I have PTSD. I have nightmares. I have flash backs. I have severe trauma.
Yesterday my dad's dad, my third grandpa decided to stop dialysis after a major heart attack.
We just moved him to hospice last night. My grandma and uncles are struggling hard.
And I had to keep it together for my family. Watching my grandpa die just like the last three. I am in so much pain and I'm suffering through all this trauma with a fucking smile on my face so that my family can focus on grandpa.
I hate it. I hate it I hate it I hate it
My heart goes out to you. I went through having my father in law in the hospice, he was there for a week. It was hard as some of the family were real jerks, but things there were great given the circumstances. Never saw a person pass before, it was life changing. Sorry you have to go through this, but it is a part of life. Which says nothing that can actually help you.

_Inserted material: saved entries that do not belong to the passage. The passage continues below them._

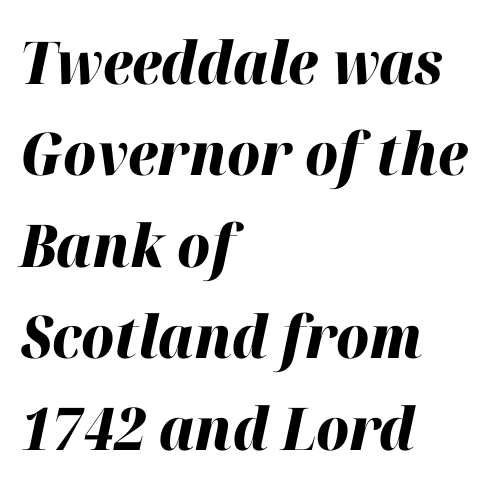
Q: Is the text bold? A: Yes.
Q: Is the text italic (slanted)? A: Yes, it leans right by about 12 degrees.
Q: Is the text underlined? A: No.
Q: How is the paragraph aligned? A: Left-aligned.
Q: Is the spacing between letters normal or unusually wide? A: Normal.
Q: Is the spacing between lines tight, normal or loose? A: Normal.
Q: Width (condensed, normal, or wide)? A: Normal.
Q: Stroke contrast? A: High.
Q: x-height? A: Medium.
Q: Monospaced? A: No.
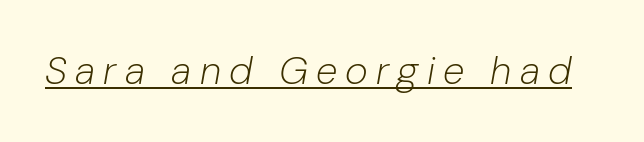
{"italic": "yes", "lean": "right", "slant_degrees": 10, "bold": "no", "weight": "light", "width": "normal", "stroke_contrast": "low", "x_height": "medium", "monospaced": "no", "underline": "yes", "letter_spacing": "wide", "letter_spacing_em": 0.21, "glyph_px": 39}
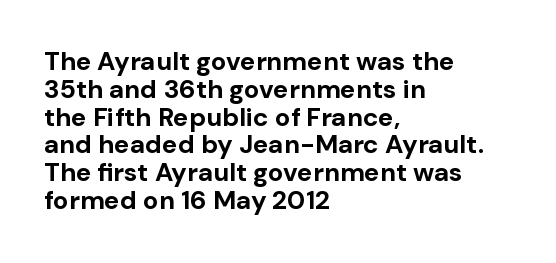
{"italic": "no", "bold": "yes", "underline": "no", "align": "left", "line_spacing": "tight", "line_spacing_ratio": 1.07, "letter_spacing": "normal", "letter_spacing_em": 0.0, "glyph_px": 26}
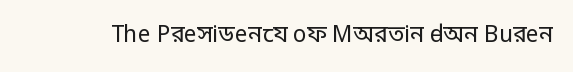
The image shows 23 px text type, upright; set normal letter spacing, not underlined.
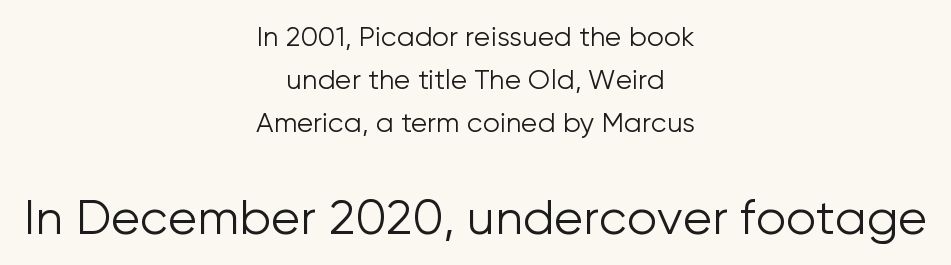
Words appear dense and cohesive because spacing is normal. Spacing verdict: proportional, widths tailored to each character. The axis of the letterforms is exactly vertical. Stems and bowls with no extra thickness — not bold. The later block is typeset at a bigger size than the earlier block. The space directly below the letters is spotless.

I know that it is little solace, but remember the good times and in time, the painful memories will pass. Very sorry for your losses.
I am so, so sorry for your losses. Hugs to you.
I'm so sorry to hear, you've had a really rough time of it. ? Sending hugs and wishes peace, comfort and healing. Please know that you don't actually have to act strong. It's ok to show vulnerability, to express grief.
That's utterly shit. Sending strength and endurance-y vibes in your direction.
I'm sorry for your grief and hope you will be able to cope soon. Without death there is very little point in living. We must all face this problem sooner or later, take some solice in the fact that they did not die alone, and have some people who will miss them.